Monitoring wildlife in forest areas is difficult and requires continuous observation. Traditional monitoring methods depend on manual patrol or basic camera systems which cannot detect animals automatically. This project proposes a smart monitoring system called Vanrakshak AI that detects animals using computer vision techniques. The system captures video from surveillance cameras and processes each frame to identify animal movement. Motion detection is used to reduce unnecessary processing and improve efficiency. The YOLO object detection model is used to detect animals, while DeepSORT tracking helps track animals across frames. When an animal is detected, the system stores the image, updates the database, and sends alerts to the monitoring dashboard. In some cases, notifications can also be sent through Telegram to inform forest authorities. The system helps in real-time monitoring and can assist forest departments in protecting wildlife and preventing human-animal conflicts.
Introduction
It explains that traditional wildlife monitoring methods rely heavily on manual observation and basic camera systems, which are slow, labor-intensive, and unable to provide real-time alerts, especially in large forest areas or low-light conditions. This delay often increases the risk of dangerous encounters between humans and wildlife.
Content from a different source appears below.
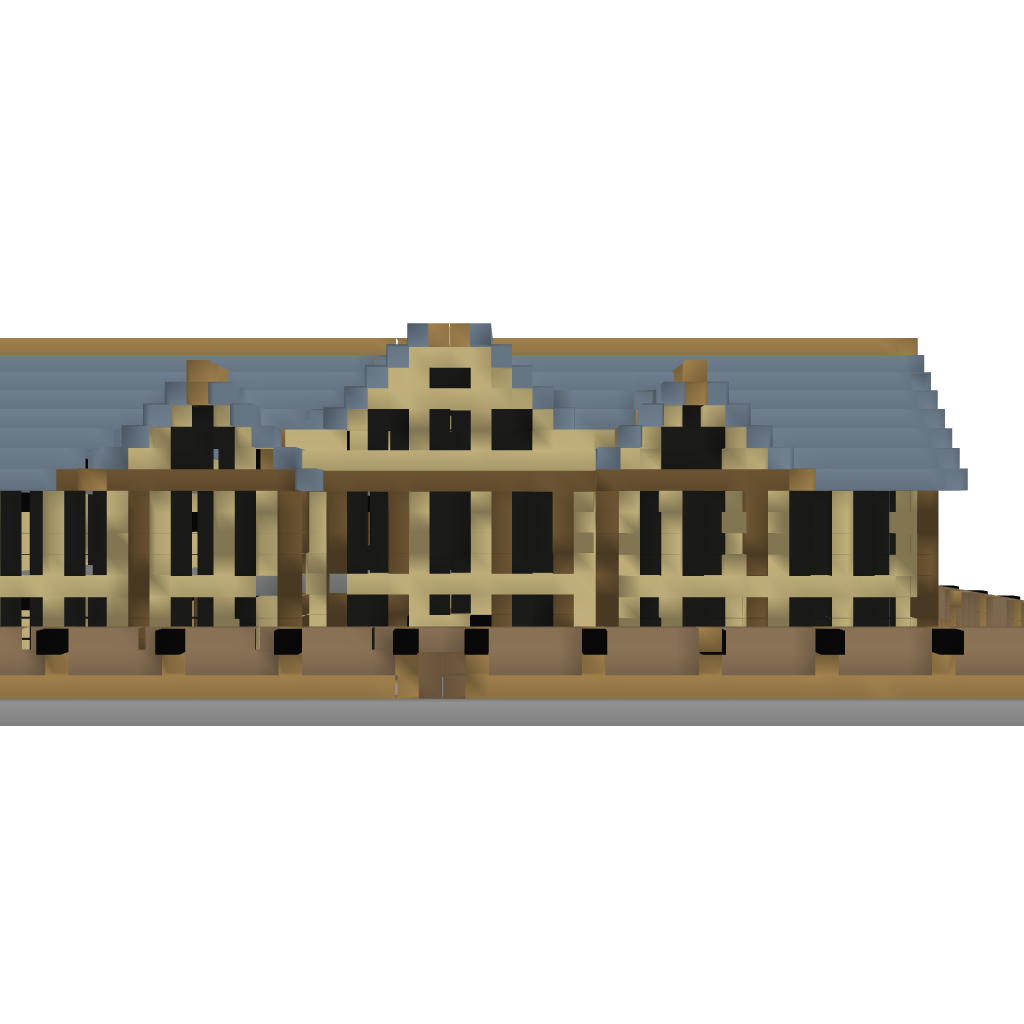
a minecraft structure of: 2 Floor Mansion

To solve this problem, the proposed system uses computer vision and deep learning techniques to automatically detect and track animals from live camera feeds. It combines motion detection, YOLO-based object detection, and DeepSORT tracking to identify animals, follow their movement across frames, and store detection data with timestamps.
The system architecture includes several modules:
Input acquisition from forest surveillance cameras
Frame processing with motion detection for efficiency
Animal detection using YOLO
Tracking using DeepSORT to maintain identity across frames
Database storage of detected images and logs
Notification system that sends real-time alerts via dashboard and Telegram
The flow of the system begins with capturing video frames, detecting motion, running AI-based detection when needed, tracking animals, storing results, and triggering alerts when necessary.
The system also includes a web-based dashboard where users can monitor camera feeds, view alerts, generate reports, and manage camera settings and user access.
Conclusion
The proposed work aims to improve forest monitoring, which is generally slow and depends a lot on manual observation. In real situations, it is difficult for forest guards to continuously keep track of animal movement, and some important activities may get missed. To solve this problem, the proposed system uses YOLOv11 along with DeepSORT tracking to detect and follow animals automatically.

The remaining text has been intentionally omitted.